News Release

Fish may show how nature diversifies

Peer-Reviewed Publication

Howard Hughes Medical Institute

December 20, 2001 – Although the threespine stickleback fish has been celebrated on the currency of the Netherlands and been a star of a pioneering 1928 French documentary film, the fish has found its most receptive audience with biologists, who have been studying it for more than 100 years. In what may be its most important role yet, the stickleback is being used as a model by researchers at the Howard Hughes Medical Institute (HHMI) at Stanford University to track the genetic changes that define a species, a puzzle that until now could not be tested experimentally in vertebrate animals.

In the December 20, 2001, issue of the journal Nature, HHMI investigator David M. Kingsley, HHMI associate Catherine L. Peichel and their colleagues at Stanford, the University of Wisconsin, Eau Claire, and the University of British Columbia, report the creation of a genetic map of the fish that will make it possible for Kingsley’s lab and others to tie behavioral, ecological, morphological and physiological differences among the various species of sticklebacks to changes in the genome.

“We see this as our chance to find out how many genetic changes it takes to evolve new traits,” said Kingsley. “Using this method we can ask which genes or developmental pathways nature uses to create a new species.”

The scientists were able to study the molecular evolution of the threespine stickleback due to its recent evolution since the end of the last Ice Age, which occurred 15,000 years ago. When the giant glaciers melted, they created thousands of lakes and streams in North America, Europe, and Asia. These waters were colonized by the stickleback’s marine ancestors, which adapted to life in fresh water. The spiny fish, which are one- to six-inches long, were remarkably successful in adapting to various niches in their new habitats.

“The fish have evolved so recently that it is still possible to carry out crosses between the new species using artificial fertilization,” said Kingsley. “This makes it possible to use genetics to study the number and location of genetic changes that are responsible for evolutionary change.”

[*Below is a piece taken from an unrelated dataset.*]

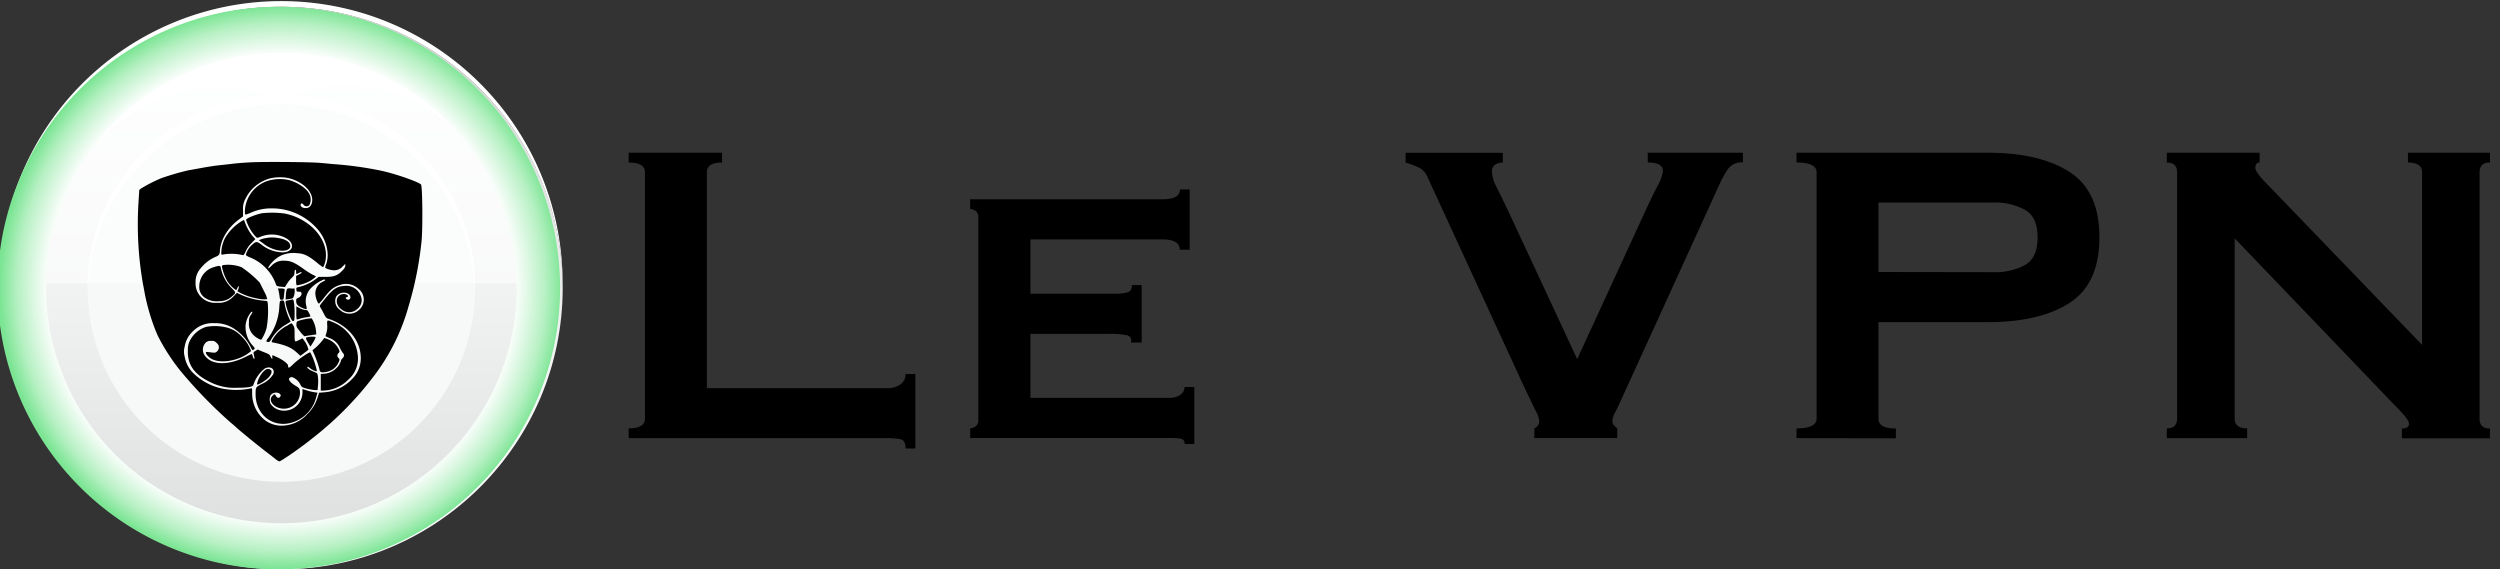 <svg width="202" height="46" fill="none" xmlns="http://www.w3.org/2000/svg"><rect width="100%" height="100%" fill="#333333" stroke="none"/><path d="M22.74 46c12.55 0 22.725-10.175 22.725-22.725C45.465 10.724 35.29.549 22.739.549 10.19.55.014 10.724.014 23.275.014 35.825 10.188 46 22.739 46Z" fill="url(#a)"/><path d="M22.739 3.138A20.862 20.862 0 0 0 1.877 24c0 10.955 9.34 21.178 20.862 21.178C34.26 45.178 43.6 35.275 43.6 24A20.862 20.862 0 0 0 22.74 3.138Zm0 40.978a20.116 20.116 0 1 1 0-40.232 20.116 20.116 0 0 1 0 40.232Z" fill="#BCBCBC"/><path d="M22.74 43.394c11.11 0 20.115-9.006 20.115-20.116S33.85 3.162 22.74 3.162c-11.11 0-20.116 9.006-20.116 20.116S11.63 43.394 22.74 43.394Z" fill="url(#b)"/><path d="M38.392 23.274a15.656 15.656 0 1 1-31.313 0 15.656 15.656 0 0 1 31.313 0Z" fill="#F7F8F8"/><path d="M22.74 8.42a15.656 15.656 0 0 1 15.645 15.26v-.395a15.656 15.656 0 1 0-31.312 0v.395A15.652 15.652 0 0 1 22.74 8.42Z" fill="#fff"/><path d="M22.74.55a22.718 22.718 0 0 1 22.714 22.312v-.413A22.73 22.73 0 0 0 0 22.45v.413A22.718 22.718 0 0 1 22.74.549Z" fill="#fff"/><path d="M22.739 2.413a20.862 20.862 0 1 0 0 41.723 20.862 20.862 0 0 0 0-41.723Zm0 40.977a20.116 20.116 0 1 1 0-40.231 20.116 20.116 0 0 1 0 40.231Z" fill="#6A8C74"/><path d="M22.74 8.124c9.538-4.79 19.878 4.666 20.104 15.574v-.427a20.119 20.119 0 0 0-40.23 0v.427C2.86 12.79 13.43 3.76 22.738 8.124Z" fill="#fff"/><path d="M2.597 22.886c0-10.966 9.043-19.85 20.201-19.85 11.158 0 20.205 8.884 20.205 19.85H2.597Z" fill="#fff" opacity=".5"/><path d="M22.74.55a22.726 22.726 0 1 0 0 45.45 22.726 22.726 0 0 0 0-45.45Zm0 41.73a19.005 19.005 0 1 1 0-38.01 19.005 19.005 0 0 1 0 38.01Z" fill="url(#c)"/><path d="M20.407 13.11c-.495.02-1.217.072-1.602.12-.385.049-.939.107-1.227.138-.29.031-.884.124-1.331.21l-1.087.196c-.715.17-1.42.377-2.114.619-.571.236-1.123.517-1.651.839l-.141.117-.062.98a28.158 28.158 0 0 0 .344 6.533c.052.258.12.622.151.805.203 1.058.506 2.094.905 3.094.048.11.123.282.165.382a16.158 16.158 0 0 0 1.826 2.826c1.246 1.5 2.607 2.9 4.07 4.189.18.144.345.292.376.32.182.199 2.156 1.801 2.781 2.259l.434.343c.097.083.206.15.323.2.137 0 1.812-1.162 2.654-1.85a27.05 27.05 0 0 0 5.052-5.127 16.601 16.601 0 0 0 2.75-5.595c.505-1.683.85-3.41 1.032-5.157.11-.922.086-4.446-.034-4.635-.12-.19-2.16-.919-3.384-1.156a29.428 29.428 0 0 0-3.628-.495c-.316-.024-.811-.076-1.103-.1-.691-.075-4.33-.103-5.498-.055Zm2.796 1.259c1.283.254 2.218 1.214 1.994 2.039a.626.626 0 0 1-.185.306c-.238.192-.719.093-.719-.145 0-.161.11-.175.227-.037a.303.303 0 0 0 .42.086l.058-.049a.983.983 0 0 0 0-.887c-.22-.464-.997-.98-1.72-1.148a3.374 3.374 0 0 0-1.68.09 2.683 2.683 0 0 0-1.81 2.393c0 .398-.037.385.492.165a3.93 3.93 0 0 1 1.61-.344 4.871 4.871 0 0 1 3.802 1.719c.688.815.967 1.97.657 2.799a.708.708 0 0 0-.072.292c.214.11.448.175.688.193a.94.94 0 0 0 .725-.313l.207-.21v.169c0 .103-.073.213-.262.405-.375.382-.687.492-1.375.478h-.506l-.275.203c-.417.31-.897.526-1.406.633-.127.03-.141.058-.127.196.013.137.041.162.117.165.23 0 .271.027.299.12.027.093-.045.279-.251.372-.207.092-.176.106-.176.285a.397.397 0 0 0 .159.344c.134.127.629.344.687.275a.977.977 0 0 0-.04-.279 1.529 1.529 0 0 1 .391-1.41 3.05 3.05 0 0 1 1.032-.687c.178 0 .144.072-.083.175a1.031 1.031 0 0 0-.584 1.118c.034.278.206.688.282.65.158-.168.307-.343.447-.526.474-.606.756-.826 1.227-.974a1.479 1.479 0 0 1 1.554.344 1.095 1.095 0 0 1 0 1.668 1.121 1.121 0 0 1-1.56-.02.85.85 0 0 1-.293-1.032c.21-.406.932-.471 1.128-.1.11.203-.059.399-.255.3-.127-.073-.12-.152 0-.186.258-.066-.055-.293-.344-.241-.629.117-.629.932 0 1.3a.946.946 0 0 0 1.197-.11.897.897 0 0 0 .344-.723 1.258 1.258 0 0 0-1.424-1.127c-.605.048-.918.264-1.592 1.107-.402.495-.402.502-.323.626.08.123.169.292.272.491.154.31.21.375.344.42 1.52.488 2.537 1.63 2.64 2.96a2.368 2.368 0 0 1-.687 1.912 3.438 3.438 0 0 1-2.25 1.08l-.422.034-.11.344c-.153.523-.44.998-.832 1.376-.49.545-1.17.88-1.902.935a2.228 2.228 0 0 1-1.774-.653 2.751 2.751 0 0 1-.79-1.974c0-.344 0-.406-.077-.382-.803.17-1.634.17-2.438 0a4.758 4.758 0 0 1-2.197-1.186 2.455 2.455 0 0 1-.739-1.375 1.447 1.447 0 0 1 0-.812c.067-.434.269-.836.578-1.148a2.235 2.235 0 0 1 1.808-.747 2.8 2.8 0 0 1 1.438.344 3.893 3.893 0 0 1 1.537 1.644c.065.14.12.21.158.189.186-.11.186-.13-.038-.382a2.226 2.226 0 0 1-.557-1.667 2.01 2.01 0 0 1 .426-.998c.148-.14.165 0 0 .197a.856.856 0 0 0-.154.584 1.231 1.231 0 0 0 .343 1.032c.18.184.4.323.643.405.201-.3.35-.63.44-.98a7.956 7.956 0 0 0 .09-1.977l-.045-.175-.381-.041a5.728 5.728 0 0 1-1.72-.458l-.344-.168-.281.292a1.613 1.613 0 0 1-1.331.516 1.616 1.616 0 0 1-1.28-.464 1.534 1.534 0 0 1-.45-1.173c-.018-.42.128-.83.406-1.145.32-.409.74-.73 1.217-.935.282-.114.344-.2.344-.55.043-.36.146-.708.306-1.032.276-.54.67-1.01 1.152-1.375l.41-.313v-.516c-.027-.308.04-.617.188-.887a3.115 3.115 0 0 1 2.036-1.675 3.68 3.68 0 0 1 1.341-.034Z" fill="#000"/><path d="M21.192 17.226c-.564.11-1.31.42-1.31.54.157.513.43.984.797 1.375.1.093.11.093.344 0a2.406 2.406 0 0 1 1.984.049c.873.422.743 1.2-.196 1.2a2.844 2.844 0 0 1-1.698-.633c-.362-.265-.427-.265-.757.03a1.719 1.719 0 0 0-.492.799c0 .048.13.13.344.216a3.692 3.692 0 0 1 2.04 2.043c.029.088.068.174.116.254.11.039.227.06.344.066l.316.03.18-.292c.11-.17.24-.328.384-.47.172-.163.203-.221.206-.396 0-.269.131-.344.131-.076 0 .203.02.213.2.107a.652.652 0 0 1 .192-.073c.124 0 .048.083-.165.19l-.227.11v.36c-.01.136.005.273.045.403a3.15 3.15 0 0 0 .932-.282c.232-.107.444-.253.626-.433a.635.635 0 0 0-.224-.124 6.883 6.883 0 0 1-.811-.516c-.73-.516-1.032-.636-1.52-.636a1.281 1.281 0 0 0-1.073.444c-.261.268-.31.202-.09-.11.238-.312.54-.568.888-.75a2.445 2.445 0 0 1 1.265-.196c.585.024.911.179 1.61.736.168.147.348.283.536.405a1.89 1.89 0 0 0 .22-.804c.127-1.565-1.376-3.157-3.329-3.538a7.595 7.595 0 0 0-1.808-.028Z" fill="#000"/><path d="M19.328 18a4.084 4.084 0 0 0-1.134 1.21 2.87 2.87 0 0 0-.313 1.17c0 .199 0 .216.113.189a4.014 4.014 0 0 1 1.64.048c.055 0 .12-.076.224-.317.112-.247.27-.47.464-.66l.313-.32-.223-.24a3.909 3.909 0 0 1-.623-1.118.424.424 0 0 0-.09-.186 3.02 3.02 0 0 0-.37.224ZM21.532 19.23c-.153.02-.305.057-.45.11l-.172.066.327.24c.34.278.74.472 1.169.568.726.145 1.193-.082 1.01-.509-.092-.223-.48-.416-.98-.478a2.407 2.407 0 0 0-.904.004ZM20.986 22.834a8.72 8.72 0 0 0-1.476-1.248 3.063 3.063 0 0 0-1.468-.168.12.12 0 0 0-.113.113c.077.416.225.817.436 1.183.183.288.424.534.709.722.024 0 .072-.079.11-.175.038-.096.086-.155.11-.13.024.023 0 .12-.035.226l-.075.179.213.12c.433.221.897.375 1.375.457.267.07.545.09.819.056 0 0-.045-.172-.107-.344" fill="#000"/><path d="M17.296 21.583a1.609 1.609 0 0 0-1.193 1.53 1.03 1.03 0 0 0 .426.928c.34.238.757.342 1.17.293a1.462 1.462 0 0 0 1.058-.4c.344-.285.316-.298-.072-.687a3.209 3.209 0 0 1-.815-1.479c-.055-.26-.072-.285-.19-.282a1.85 1.85 0 0 0-.384.097ZM22.495 23.426c.037.154.066.31.086.468.038.312.038.323.182.323.145 0 .151 0 .186-.344.02-.196.044-.396.051-.45.007-.056-.02-.104-.271-.117h-.286l.052.12ZM23.19 23.36a1.434 1.434 0 0 0-.09.461l-.024.382.272-.034c.111-.012.22-.041.323-.086.1-.182.148-.388.138-.595v-.176h-.279c-.2-.027-.303-.01-.34.048ZM23.341 24.258c-.265.055-.275.065-.261.206.041.427.45 1.479.585 1.479.134 0 .137-.072.137-.722 0-.585-.065-1.032-.148-1.032l-.313.069ZM22.619 24.347a3.408 3.408 0 0 0-.052.492 4.65 4.65 0 0 1-.852 2.407c-.186.248-.224.344-.172.344.161.107.268.045.392-.213.256-.432.61-.798 1.031-1.07l.413-.254.103-.066-.1-.22a5.334 5.334 0 0 1-.364-1.096c-.055-.372-.073-.396-.23-.396-.083.014-.159.045-.17.072ZM23.943 25.269c-.008.18.002.361.031.54 0 0 .103 0 .196-.038.174-.058.352-.1.533-.127.129-.017.256-.041.382-.072a1.008 1.008 0 0 0-.11-.269c-.12-.227-.148-.254-.3-.254a1.284 1.284 0 0 1-.45-.145l-.282-.15v.515ZM24.744 25.771c-.195.034-.386.08-.575.138-.185.065-.203.082-.216.278-.014.196 0 .24.299.609.216.275.344.392.392.371.163-.039.328-.067.495-.086l.416-.062-.024-.306a2.286 2.286 0 0 0-.344-.987c-.149.001-.297.016-.443.045ZM26.44 26.27c.017.212-.005.425-.066.629a1.715 1.715 0 0 0-.072.268s.148.072.31.144a1.47 1.47 0 0 1 .862.812c.068.15.152.294.251.426.11.097.09.272-.051.403a.378.378 0 0 0-.124.185c-.067.24-.2.456-.385.623-.255.251-.59.406-.946.436l-.3.021v1.341h.238a2.958 2.958 0 0 0 1.998-.897 2.252 2.252 0 0 0 .743-2.036 3.215 3.215 0 0 0-2.002-2.593c-.477-.206-.477-.206-.457.238Z" fill="#000"/><path d="M23.228 26.3c-.533.263-.97.686-1.248 1.21-.045.125-.035.138.058.16.97.185 1.5.405 1.936.81l.296.272.306-.23a3.16 3.16 0 0 0 .344-.272 1.99 1.99 0 0 0-.344-.736l-.138-.182-.292.151c-.344.18-.344.186-.344-.505 0-.433 0-.523-.11-.688a.769.769 0 0 0-.14-.175c-.113.054-.221.116-.324.186Z" fill="#000"/><path d="M16.65 26.414a2.23 2.23 0 0 0-1.304 1.104c-.12.238-.177.503-.165.77-.051 1.138.485 1.936 1.72 2.541a4.291 4.291 0 0 0 2.259.502c.88 0 1.272-.072 1.317-.237a2.71 2.71 0 0 1 .921-1.32c.447-.23.843.037.688.45-.222.359-.55.64-.939.805-.488.254-.495.258-.495.825 0 1.447 1.073 2.503 2.441 2.386a2.854 2.854 0 0 0 2.462-2.17l.1-.343-.255-.035a3.862 3.862 0 0 1-.618-.151l-.344-.11v.344a1.475 1.475 0 0 1-1.792 1.375 1.236 1.236 0 0 1-.794-.54.936.936 0 0 1 0-.66.56.56 0 0 1 .736-.148c.12.12.12.152.034.272-.086.12-.244.086-.326-.086-.083-.172-.128-.169-.286 0-.395.392.172 1.032.915 1.032a1.296 1.296 0 0 0 1.313-1.218c0-.392-.027-.44-.378-.646-.35-.206-.543-.447-.509-.557a.244.244 0 0 1 .303-.11c.261.111.475.31.605.564.12.233.13.24.512.343.21.056.424.096.64.12h.25l.032-.343c.044-.474 0-.983-.107-1.032l-.344-.154c-.285-.12-.436-.255-.405-.344 0-.035.075 0 .165.065.156.141.345.242.55.293.062 0 .058-.056-.028-.365a6.034 6.034 0 0 0-.447-1.159c-.069-.069-1.031.592-1.396.963-.316.31-.402.344-.405.11 0-.148-.379-.447-.805-.65a5.401 5.401 0 0 0-.468-.203c-.014 0 0 .076 0 .162.038.2-.055.151-.158-.072-.058-.141-.134-.186-.55-.344l-.475-.2-.178.11c-.148.09-.176.131-.148.23.072.303.086.417.041.417-.045 0-.072-.09-.11-.2a.443.443 0 0 0-.09-.196c-.154.066-.309.138-.46.217-1.396.712-2.727.688-3.277-.03a.812.812 0 0 1 .034-1.115.53.53 0 0 1 .43-.13.472.472 0 0 1 .447.171.435.435 0 0 1 .041.664c-.117.117-.158.127-.412.103l-.382-.045c-.296-.051 0 .386.385.585.512.254 1.376.223 2.156-.076.364-.13.7-.329.99-.584a2.998 2.998 0 0 0-.753-1.163 2.406 2.406 0 0 0-1.282-.753 3.913 3.913 0 0 0-1.603-.034ZM24.895 27.229c-.216.041-.22.096-.024.426.104.176.2.344.21.344.01 0 .416-.615.416-.743 0-.061-.347-.068-.602-.027ZM25.979 27.597a4.052 4.052 0 0 1-.479.495l-.254.21.13.289c.18.412.327.837.44 1.272.039.22.149.261.53.189a1.317 1.317 0 0 0 1.032-.822c.08-.186.072-.196-.02-.299a.257.257 0 0 1 0-.406c.092-.103.092-.12.023-.292a1.668 1.668 0 0 0-.97-.853l-.199-.075-.233.292Z" fill="#000"/><path d="M21.422 29.897a1.603 1.603 0 0 0-.316.344c-.173.245-.29.524-.344.818.044.049.344-.096.632-.302.472-.31.688-.76.454-.89a.367.367 0 0 0-.426.03ZM73.17 36.234c0-.436-.138-.687-.417-.746a5.633 5.633 0 0 0-1.076-.086h-20.88v-.79c.877 0 1.314-.263 1.314-.788V13.922c0-.527-.438-.791-1.313-.791v-.791h7.544v.79c-.818 0-1.227.266-1.227.792v17.444h14.562c.382.018.76-.09 1.076-.306a.973.973 0 0 0 .416-.833h.791v6.007h-.79ZM95.324 20.18c0-.553-.459-.831-1.376-.836h-10.69v4.388h6.756a3.88 3.88 0 0 0 1.097-.11c.234-.072.344-.268.344-.591h.791v4.645h-.877a.422.422 0 0 0-.344-.591 6.574 6.574 0 0 0-1.375-.11h-6.392v5.171H94.49c.31.011.616-.073.877-.24a.75.75 0 0 0 .344-.637h.788v4.605h-.788a.378.378 0 0 0-.344-.437 6.796 6.796 0 0 0-.877-.045H78.39v-.79a.78.78 0 0 0 .44-.152.58.58 0 0 0 .22-.506V17.546a.578.578 0 0 0-.22-.502.76.76 0 0 0-.44-.155v-.787h15.573c.917 0 1.375-.264 1.375-.791h.788v4.869h-.801ZM140.826 13.117a1.372 1.372 0 0 0-1.272.636c-.213.331-.404.676-.571 1.032l-7.785 17.062c-.263.589-.483 1.058-.66 1.406a2.024 2.024 0 0 0-.261.746.516.516 0 0 0 .11.344c.084.099.18.186.285.262v.79h-6.695v-.79a.617.617 0 0 0 .396-.612 2.806 2.806 0 0 0-.344-.901c-.22-.454-.492-1.032-.812-1.689l-7.891-17.137a1.435 1.435 0 0 0-.612-.688 5.886 5.886 0 0 0-1.142-.44v-.791h7.854v.79a1.24 1.24 0 0 0-.595.155.612.612 0 0 0-.282.592c.031.432.158.851.371 1.227.248.499.547 1.111.901 1.843l5.616 12.063 5.481-11.908c.35-.76.679-1.44.986-2.039.234-.383.391-.808.461-1.252 0-.458-.409-.687-1.227-.687v-.791h7.688v.777ZM145.159 35.402v-.79c1.082 0 1.623-.263 1.623-.788V13.922c0-.527-.541-.791-1.623-.791v-.791h15.442c2.806 0 5.014.52 6.623 1.558s2.411 2.8 2.407 5.288c0 2.485-.802 4.247-2.407 5.285-1.605 1.039-3.812 1.558-6.623 1.558h-8.82v7.809c0 .526.471.787 1.407.787v.791l-8.029-.014Zm15.968-13.41a5.037 5.037 0 0 0 2.48-.57c.687-.379 1.031-1.124 1.031-2.236s-.344-1.858-1.031-2.238a5.037 5.037 0 0 0-2.493-.585h-9.333v5.615l9.346.014ZM175.078 34.611c.553 0 .832-.26.832-.787V13.922c0-.526-.279-.791-.832-.791v-.791h7.499v.79c-.234 0-.344.149-.344.441 0 .23.293.638.877 1.228l12.592 13.066V13.922c0-.526-.382-.791-1.141-.791v-.791h6.626v.79c-.557 0-.836.266-.836.792v19.916c0 .526.279.787.836.787v.791h-7.115v-.79c.382 0 .571-.131.571-.393 0-.206-.234-.54-.688-1.01l-13.393-13.965v14.566c0 .526.344.788 1.008.788v.79h-6.492v-.79Z" fill="#000"/><defs><linearGradient id="a" x1="22.739" y1="45.725" x2="22.739" y2=".594" gradientUnits="userSpaceOnUse"><stop stop-color="#FEFFFF"/><stop offset=".35" stop-color="#F3F4F4"/><stop offset=".96" stop-color="#D4D6D5"/><stop offset="1" stop-color="#D2D4D3"/></linearGradient><linearGradient id="b" x1="22.74" y1="3.334" x2="22.74" y2="43.335" gradientUnits="userSpaceOnUse"><stop stop-color="#FEFFFF"/><stop offset=".45" stop-color="#F3F4F4"/><stop offset="1" stop-color="#DEE0DF"/></linearGradient><radialGradient id="c" cx="0" cy="0" r="1" gradientUnits="userSpaceOnUse" gradientTransform="translate(22.738 23.23) scale(22.702)"><stop offset=".82" stop-color="#fff"/><stop offset=".84" stop-color="#F6FDF8"/><stop offset=".88" stop-color="#DDF8E3"/><stop offset=".94" stop-color="#B5F0C2"/><stop offset="1" stop-color="#7CE594"/></radialGradient></defs></svg>

The isolated pockets of sticklebacks have created thousands of evolutionary experiments, he added. By studying the genetic variation among various species, Kingsley said it should be possible to discover how evolution generates new species adapted to life in different environments.

As a first test of the new genetic map, Kingsley and his associates crossed two species of sticklebacks that live in Priest Lake in British Columbia. One species inhabits the grassy, murky lake bottom near shore, while the other lives mainly in the open water. The two species don’t interbreed in the wild and look dissimilar. The species that lives near shore, for example, has less body armor and a thicker body. The species that lives in open water more closely resembles the ancestral form, which still lives in the open ocean, and has larger eyes, a longer snout and jaw, and more numerous gill rakers for filter feeding.

When the researchers looked at the spectrum of skeletal changes between the species, they saw two phenomena. First, they discovered that different chromosome regions control the development of different parts of the fish skeleton. Even parts of the skeleton that are in close proximity to each other are controlled by different regions of the genome.

“This makes sense because when you think about the diversity of size and shape among different animals, it is clear that vertebrates have to be able to independently modify the size and shape of individual skeletal features,” said Kingsley.

Second, the researchers discovered that the longest spine on the fishes’ back and the single spine projecting from its belly, whose lengths are highly correlated, are also linked genetically in a single chromosome region.

“The fish use these spines for defense against predators,” said Kingsley. “The total length of these spines sets the cross-sectional diameter of the fish, which helps determine whether or not they get eaten by predators like trout. Having both spine lengths controlled by the same genetic region may help explain how the fish achieve useful modifications of these functionally related skeletal structures.”

The overall results point to many different chromosome regions that affect specific aspects of skeletal anatomy in sticklebacks and reveal a flexible genetic system for independent modification of the size and number of different feeding and armor structures, the authors report. But perhaps more important, said Kingsley, is the creation of a resource that will help bring together a large body of ecological work with the tools of modern genomics to create a new major model organism for the study of evolution of species.

“There is a lot of interest right now in comparative genomics,” said Kingsley. “But for most of the species proposed to be studied, the timescale of evolutionary divergence is enormous, making it difficult to sort out which genetic changes are truly responsible for species differences. In contrast with the sticklebacks, this genetic approach lets the organism tell us where the relevant genes are. Rather than betting on a favorite gene being important, we let the fish tell us which chromosome regions we should pay attention to. Those regions can then be studied in detail to identify the molecular basis of evolutionary changes in vertebrates.”